[Assigned task]
Any picture in the material should be left out, while all other lines are copied exactly.
BEGIN Supplied material
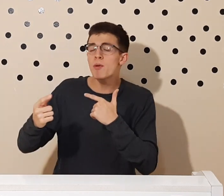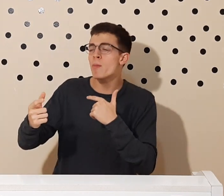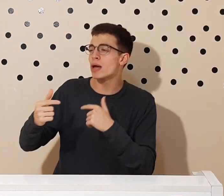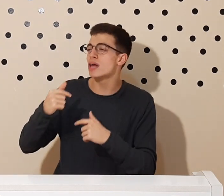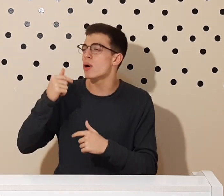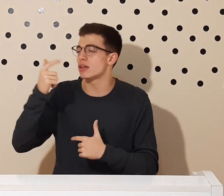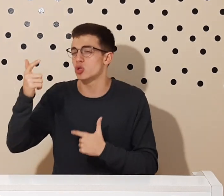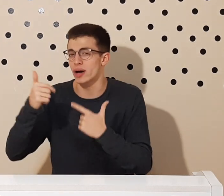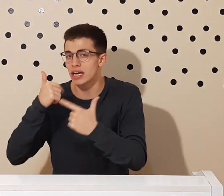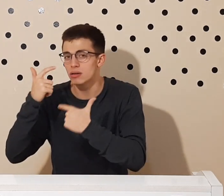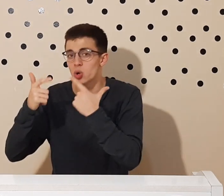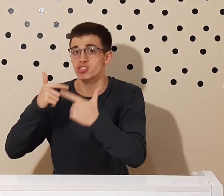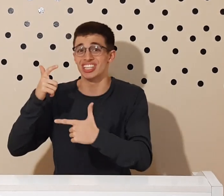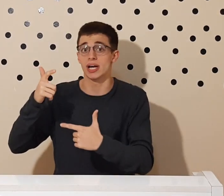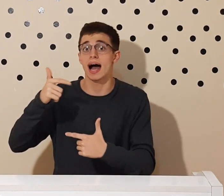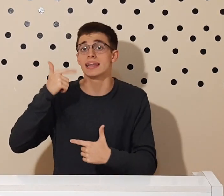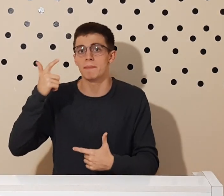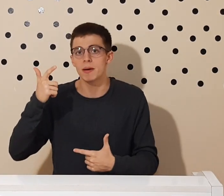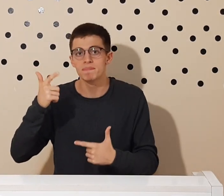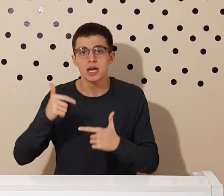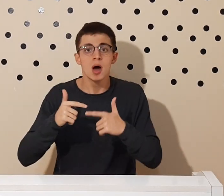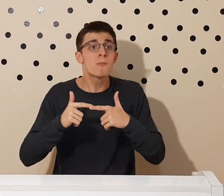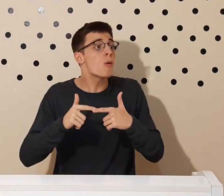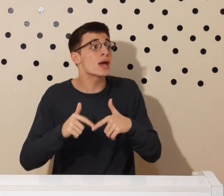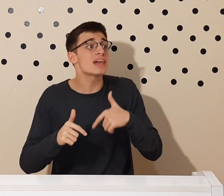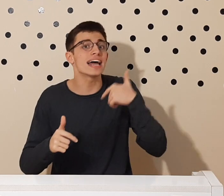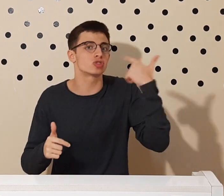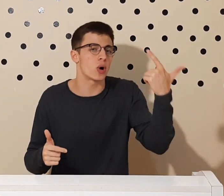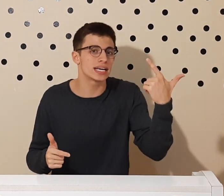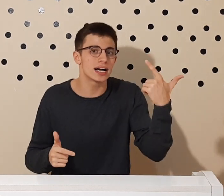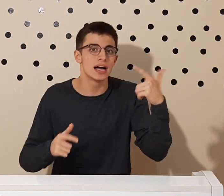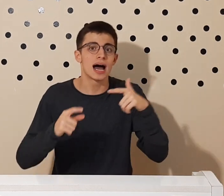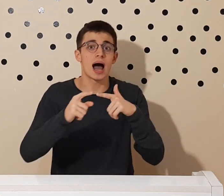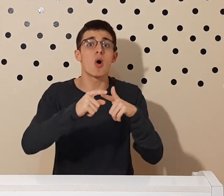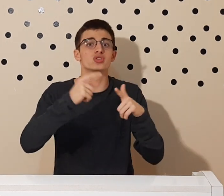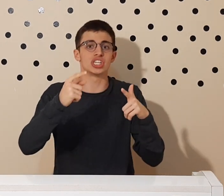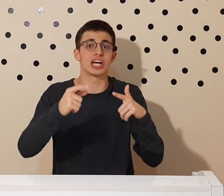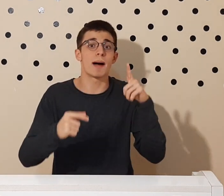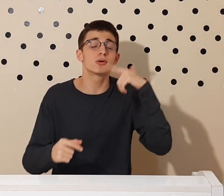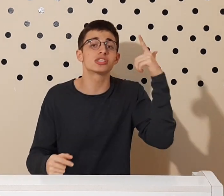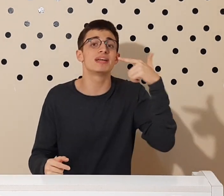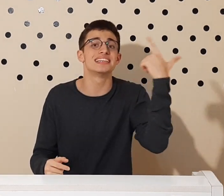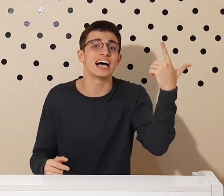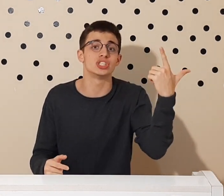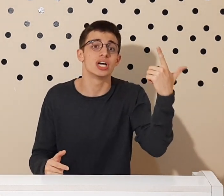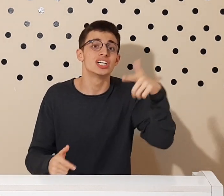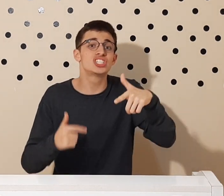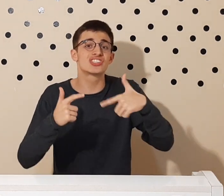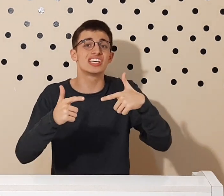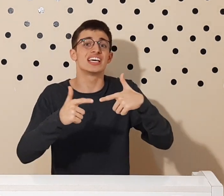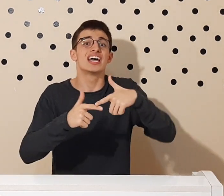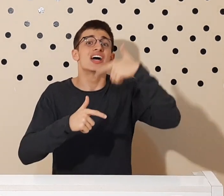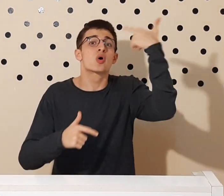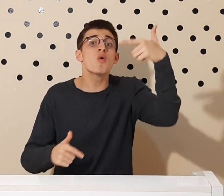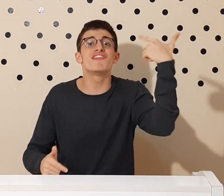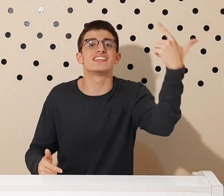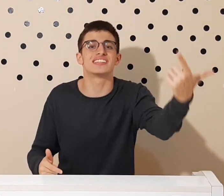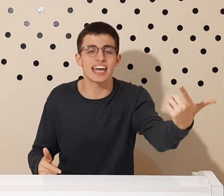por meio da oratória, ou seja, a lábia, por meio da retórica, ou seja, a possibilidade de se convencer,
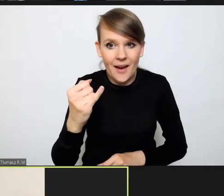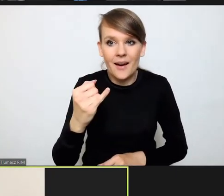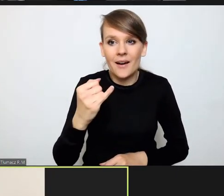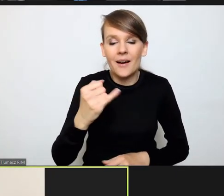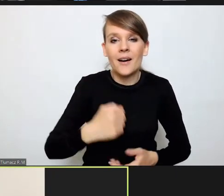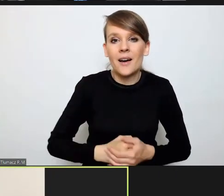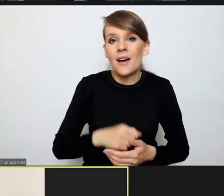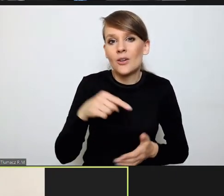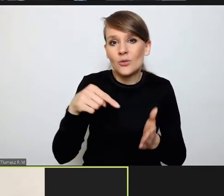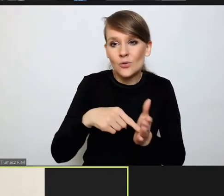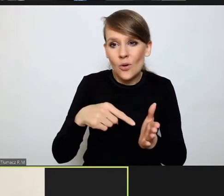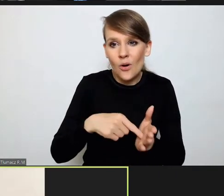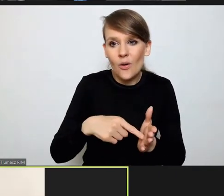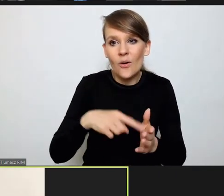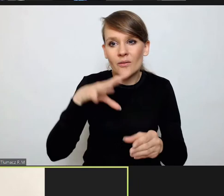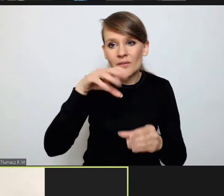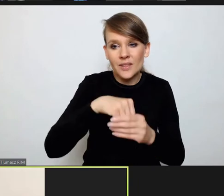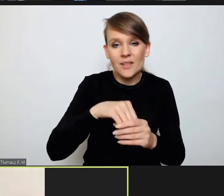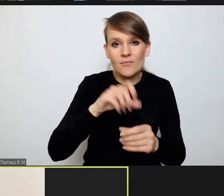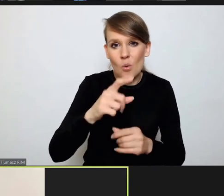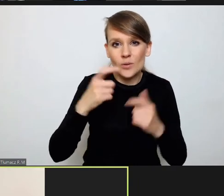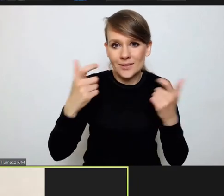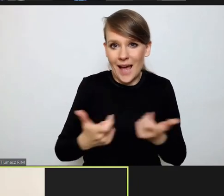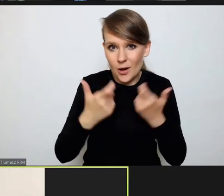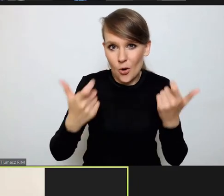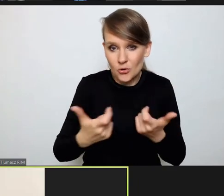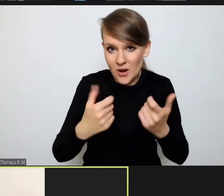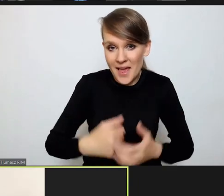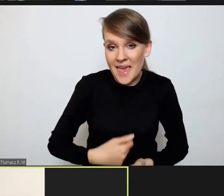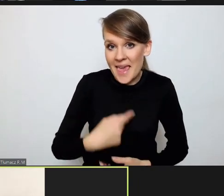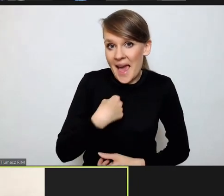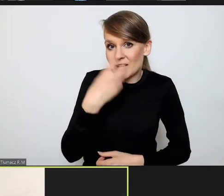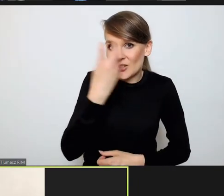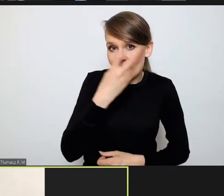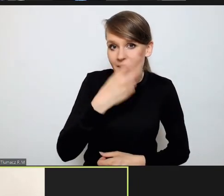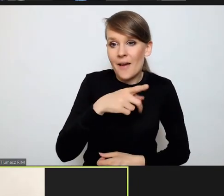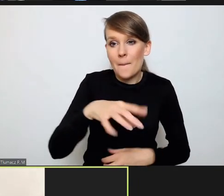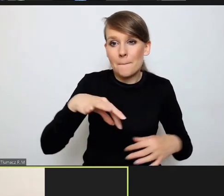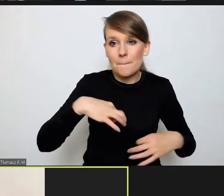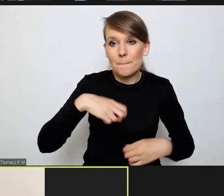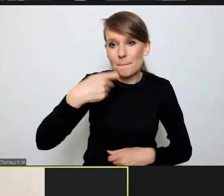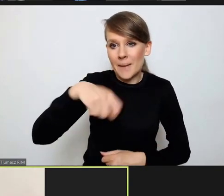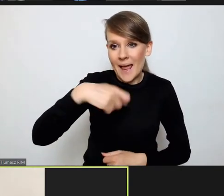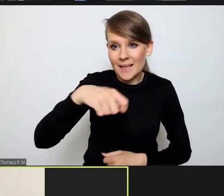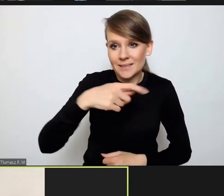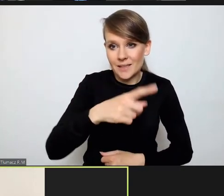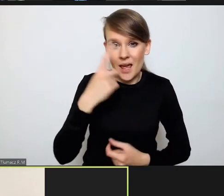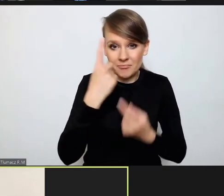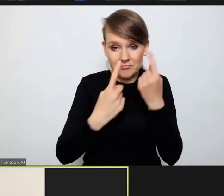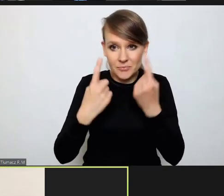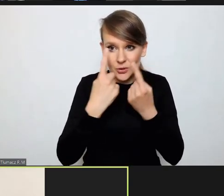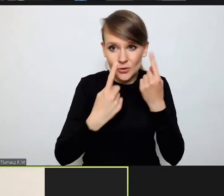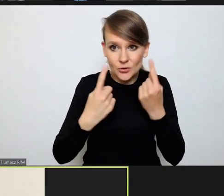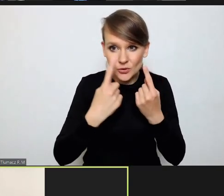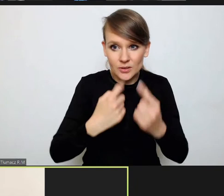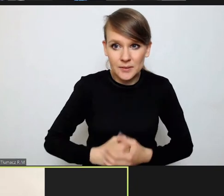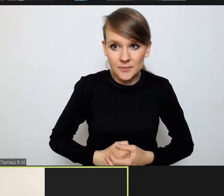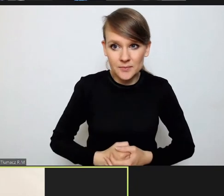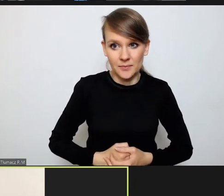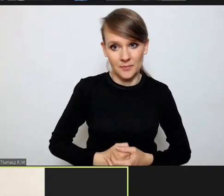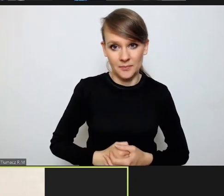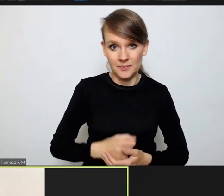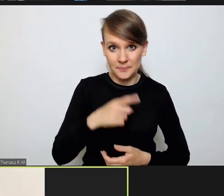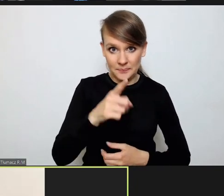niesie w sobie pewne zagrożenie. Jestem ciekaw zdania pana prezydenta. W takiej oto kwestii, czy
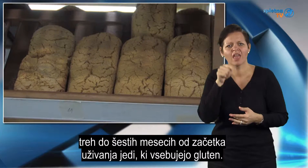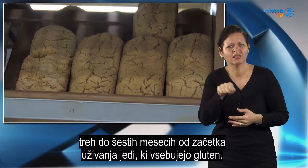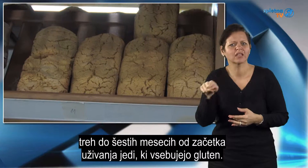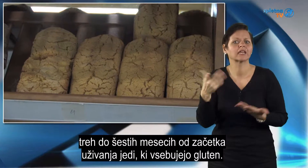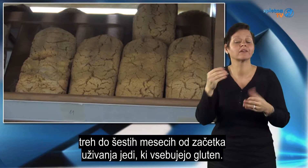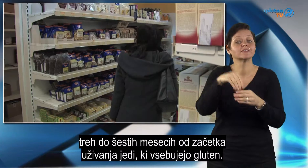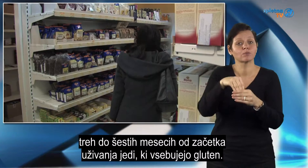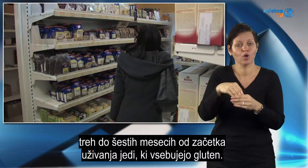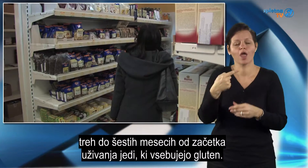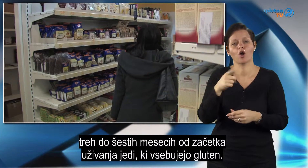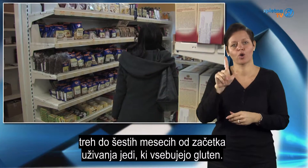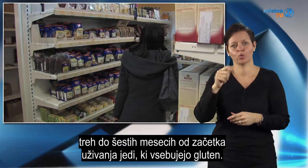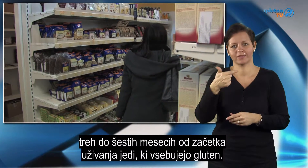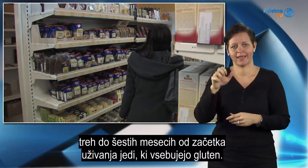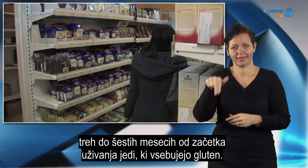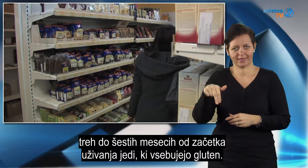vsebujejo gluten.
END Supplied material
[Answer box]
por meio da oratória, ou seja, a lábia, por meio da retórica, ou seja, a possibilidade de se convencer,
niesie w sobie pewne zagrożenie. Jestem ciekaw zdania pana prezydenta. W takiej oto kwestii, czy
vsebujejo gluten.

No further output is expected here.